The Scheme of Amalgamation aimed at pooling resources and infrastructure of the entities for mutual benefit, enhancing operational efficiencies, and maximizing shareholder value. The proposed amalgamation would lead to the cancellation of equity shares held by the transferee company in the transferor company, as the latter was a wholly owned subsidiary of the former. The Board of Directors of the transferor company had approved the scheme, and the court had earlier dispensed with the requirement of convening meetings of shareholders and creditors for approval of the scheme.

Notices were issued to the Regional Director and the Official Liquidator, with citations published in newspapers as required. The Official Liquidator reported no complaints against the scheme, and the Regional Director highlighted key aspects of the scheme related to employees, accounting treatment, and dissolution process. The Regional Director also requested the filing of balance sheets, which the petitioner company explained was pending due to the ongoing amalgamation process.

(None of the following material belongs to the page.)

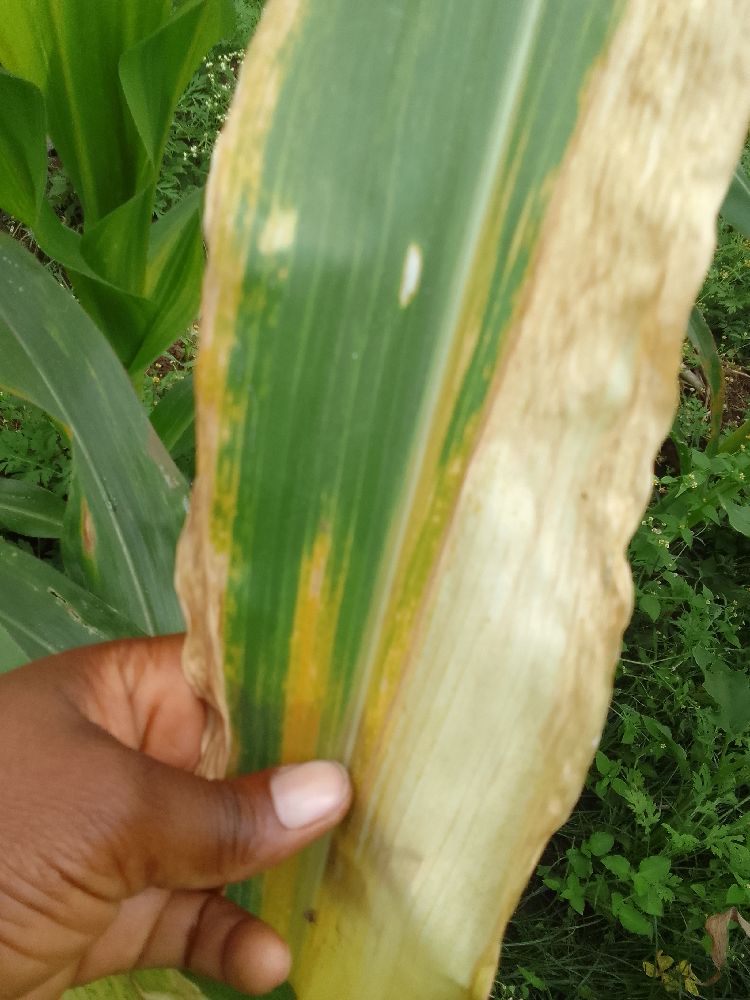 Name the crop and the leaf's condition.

maize, maize lethal necrosis

No objections were received to the scheme, and with the approval of equity shareholders, along with no objections from the Official Liquidator and Regional Director, the court granted sanction to the Scheme of Amalgamation under Sections 391 and 394 of the Companies Act, 1956. The petitioner was directed to comply with statutory requirements within 30 days and was required to pay costs as agreed. The order clarified that it did not exempt the payment of stamp duty, and upon sanction, the transferor company would stand dissolved without winding up.

In conclusion, the petition seeking sanction for the Scheme of Amalgamation was allowed by the court, with detailed considerations of compliance, approvals, and procedural requirements, ensuring a lawful and beneficial transition for the involved companies.